Supplied material:
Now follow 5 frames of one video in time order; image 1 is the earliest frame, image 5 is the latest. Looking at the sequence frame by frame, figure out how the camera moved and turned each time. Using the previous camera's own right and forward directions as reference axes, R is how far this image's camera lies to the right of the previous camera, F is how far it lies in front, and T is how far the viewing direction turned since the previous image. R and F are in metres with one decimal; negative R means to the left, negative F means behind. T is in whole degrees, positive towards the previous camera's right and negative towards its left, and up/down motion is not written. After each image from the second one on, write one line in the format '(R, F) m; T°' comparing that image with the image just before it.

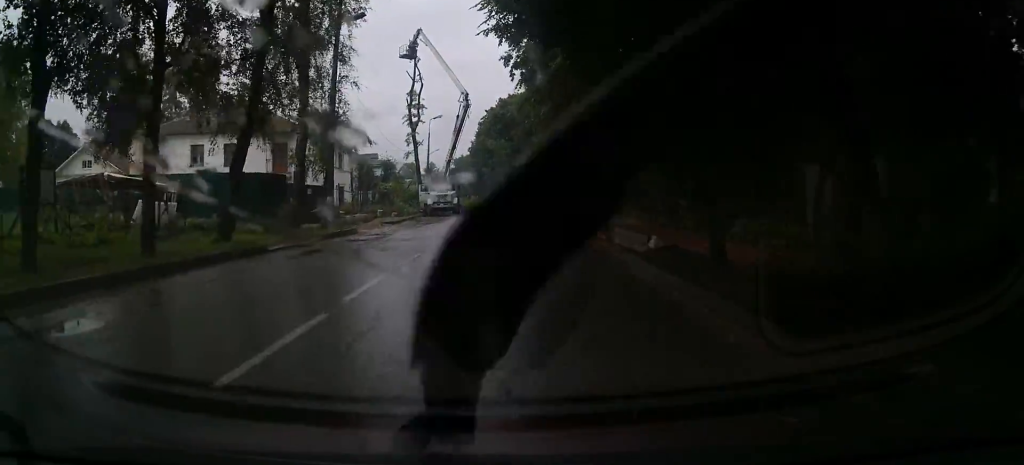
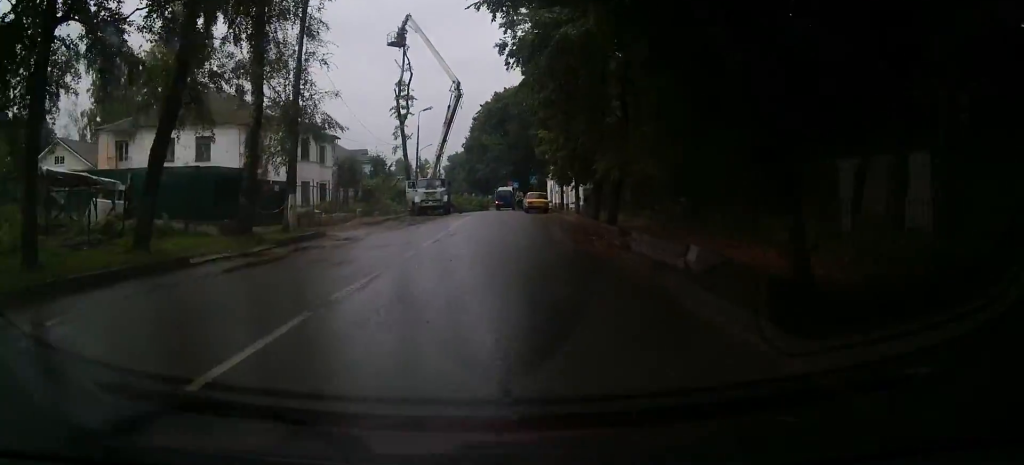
(0.0, +5.7) m; 0°
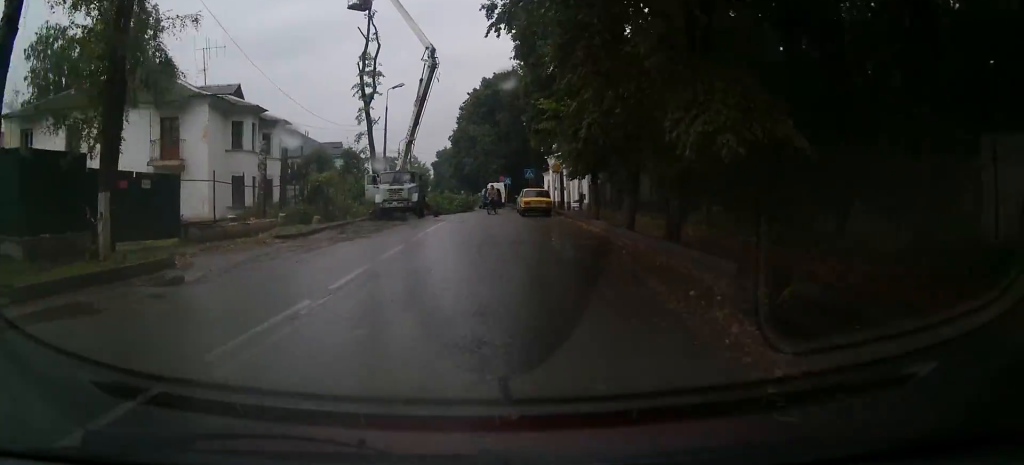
(0.0, +13.8) m; 0°
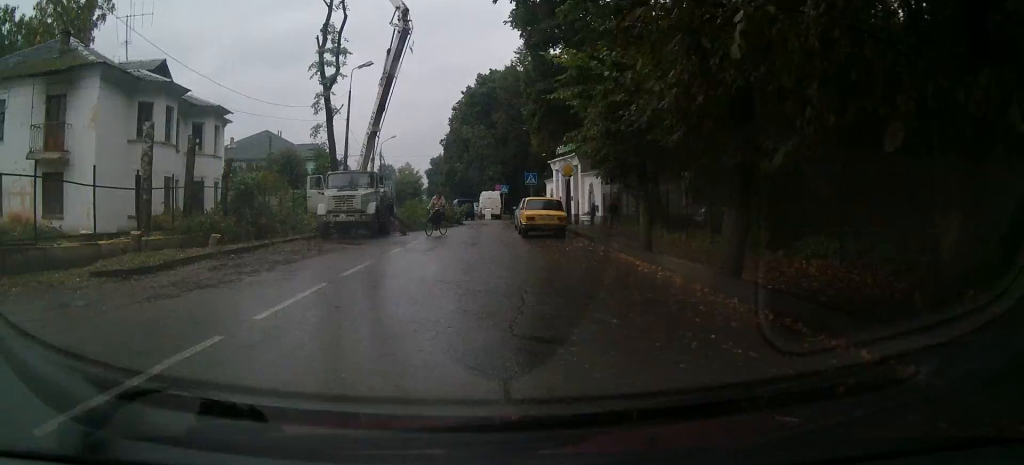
(+0.1, +11.2) m; +2°
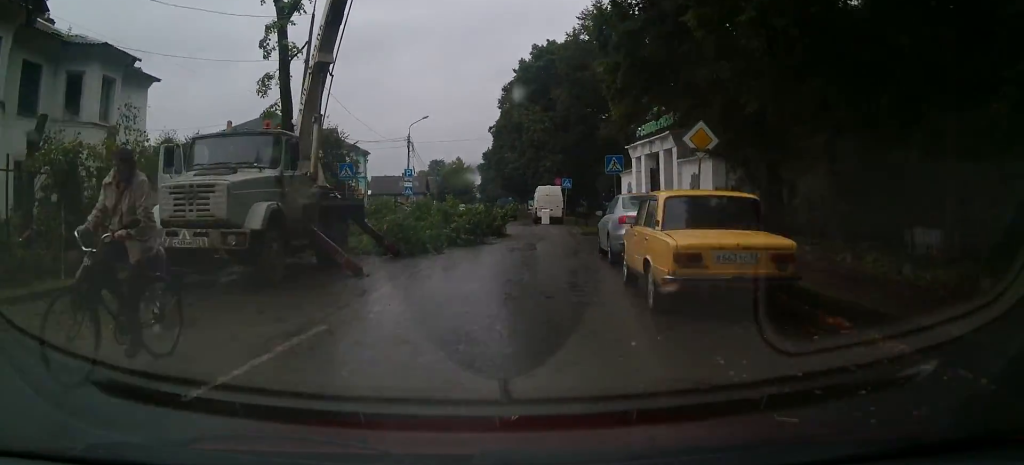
(-0.3, +13.4) m; -3°

Problem requirements:
Output the listing above exactly, but leave its pictures behind.

Answer below:
Now follow 5 frames of one video in time order; image 1 is the earliest frame, image 5 is the latest. Looking at the sequence frame by frame, figure out how the camera moved and turned each time. Using the previous camera's own right and forward directions as reference axes, R is how far this image's camera lies to the right of the previous camera, F is how far it lies in front, and T is how far the viewing direction turned since the previous image. R and F are in metres with one decimal; negative R means to the left, negative F means behind. T is in whole degrees, positive towards the previous camera's right and negative towards its left, and up/down motion is not written. After each image from the second one on, write one line in the format '(R, F) m; T°' comparing that image with the image just before it.

(0.0, +5.7) m; 0°
(0.0, +13.8) m; 0°
(+0.1, +11.2) m; +2°
(-0.3, +13.4) m; -3°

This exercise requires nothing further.